Dataset excerpts:

* * * *

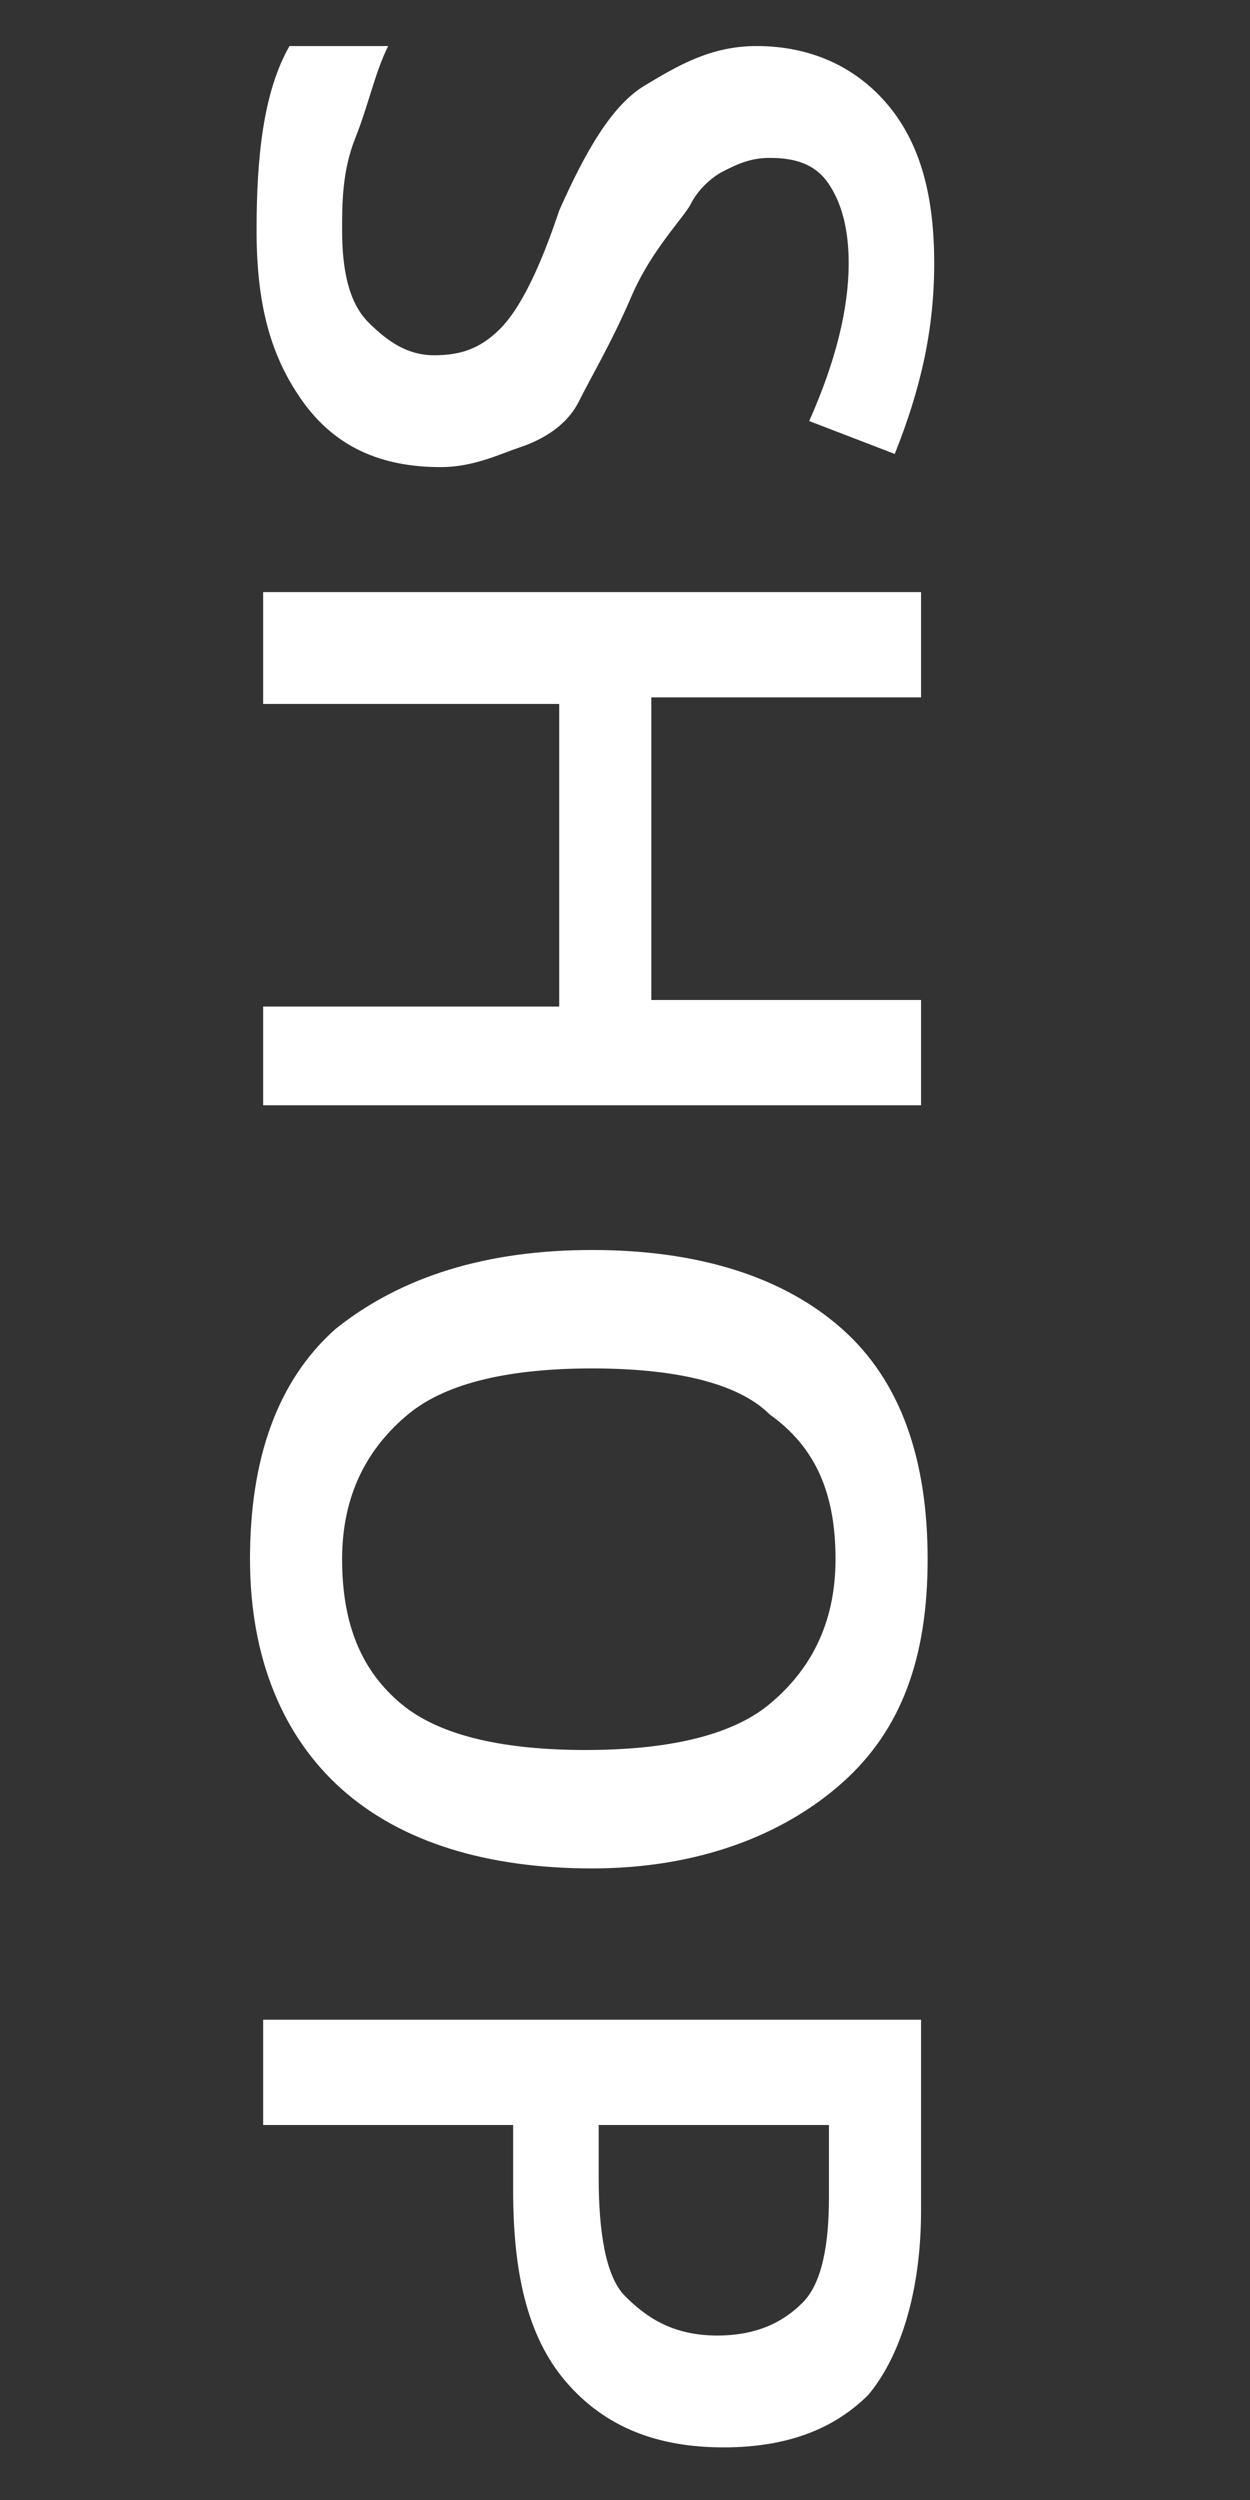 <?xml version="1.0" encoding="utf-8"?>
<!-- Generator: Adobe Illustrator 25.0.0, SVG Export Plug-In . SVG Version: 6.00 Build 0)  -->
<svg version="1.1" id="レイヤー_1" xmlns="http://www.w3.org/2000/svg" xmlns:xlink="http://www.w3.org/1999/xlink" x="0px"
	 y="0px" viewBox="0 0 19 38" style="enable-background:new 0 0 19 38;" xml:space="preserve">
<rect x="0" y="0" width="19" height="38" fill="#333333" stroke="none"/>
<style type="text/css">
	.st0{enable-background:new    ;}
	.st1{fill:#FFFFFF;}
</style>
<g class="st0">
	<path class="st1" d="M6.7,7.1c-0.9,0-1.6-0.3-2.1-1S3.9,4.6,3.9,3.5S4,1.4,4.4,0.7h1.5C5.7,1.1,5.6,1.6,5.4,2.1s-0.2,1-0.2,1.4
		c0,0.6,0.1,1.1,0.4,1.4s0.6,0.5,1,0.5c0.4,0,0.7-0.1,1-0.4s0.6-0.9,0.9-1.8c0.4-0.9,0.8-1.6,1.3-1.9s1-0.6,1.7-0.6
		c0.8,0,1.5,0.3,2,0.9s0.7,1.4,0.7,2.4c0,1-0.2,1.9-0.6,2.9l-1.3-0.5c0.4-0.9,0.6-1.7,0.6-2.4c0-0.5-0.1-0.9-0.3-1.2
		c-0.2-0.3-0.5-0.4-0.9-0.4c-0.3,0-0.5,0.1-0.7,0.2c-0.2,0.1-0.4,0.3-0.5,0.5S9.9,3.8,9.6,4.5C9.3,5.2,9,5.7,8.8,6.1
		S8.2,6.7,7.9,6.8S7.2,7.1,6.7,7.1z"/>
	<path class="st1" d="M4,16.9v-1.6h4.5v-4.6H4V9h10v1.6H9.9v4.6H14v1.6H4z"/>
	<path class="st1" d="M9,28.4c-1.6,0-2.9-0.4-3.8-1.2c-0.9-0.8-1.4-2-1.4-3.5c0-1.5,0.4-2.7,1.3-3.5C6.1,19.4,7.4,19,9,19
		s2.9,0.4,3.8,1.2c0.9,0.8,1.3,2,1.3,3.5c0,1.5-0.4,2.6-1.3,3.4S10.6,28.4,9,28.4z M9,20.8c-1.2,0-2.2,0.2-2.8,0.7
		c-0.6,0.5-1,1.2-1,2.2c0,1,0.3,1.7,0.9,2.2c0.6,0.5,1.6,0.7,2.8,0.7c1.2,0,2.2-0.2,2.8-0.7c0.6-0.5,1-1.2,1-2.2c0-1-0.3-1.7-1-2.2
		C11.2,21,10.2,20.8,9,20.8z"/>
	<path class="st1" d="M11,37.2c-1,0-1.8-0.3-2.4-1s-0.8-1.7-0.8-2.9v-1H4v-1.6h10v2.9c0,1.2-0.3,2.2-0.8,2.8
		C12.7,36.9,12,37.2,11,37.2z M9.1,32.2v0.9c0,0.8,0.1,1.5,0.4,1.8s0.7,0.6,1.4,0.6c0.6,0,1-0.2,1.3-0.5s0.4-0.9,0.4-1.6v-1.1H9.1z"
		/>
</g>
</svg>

* * * *

Action item: The number alone, please: how many lines in the data contain the string "path"?

Reply to the exercise: 4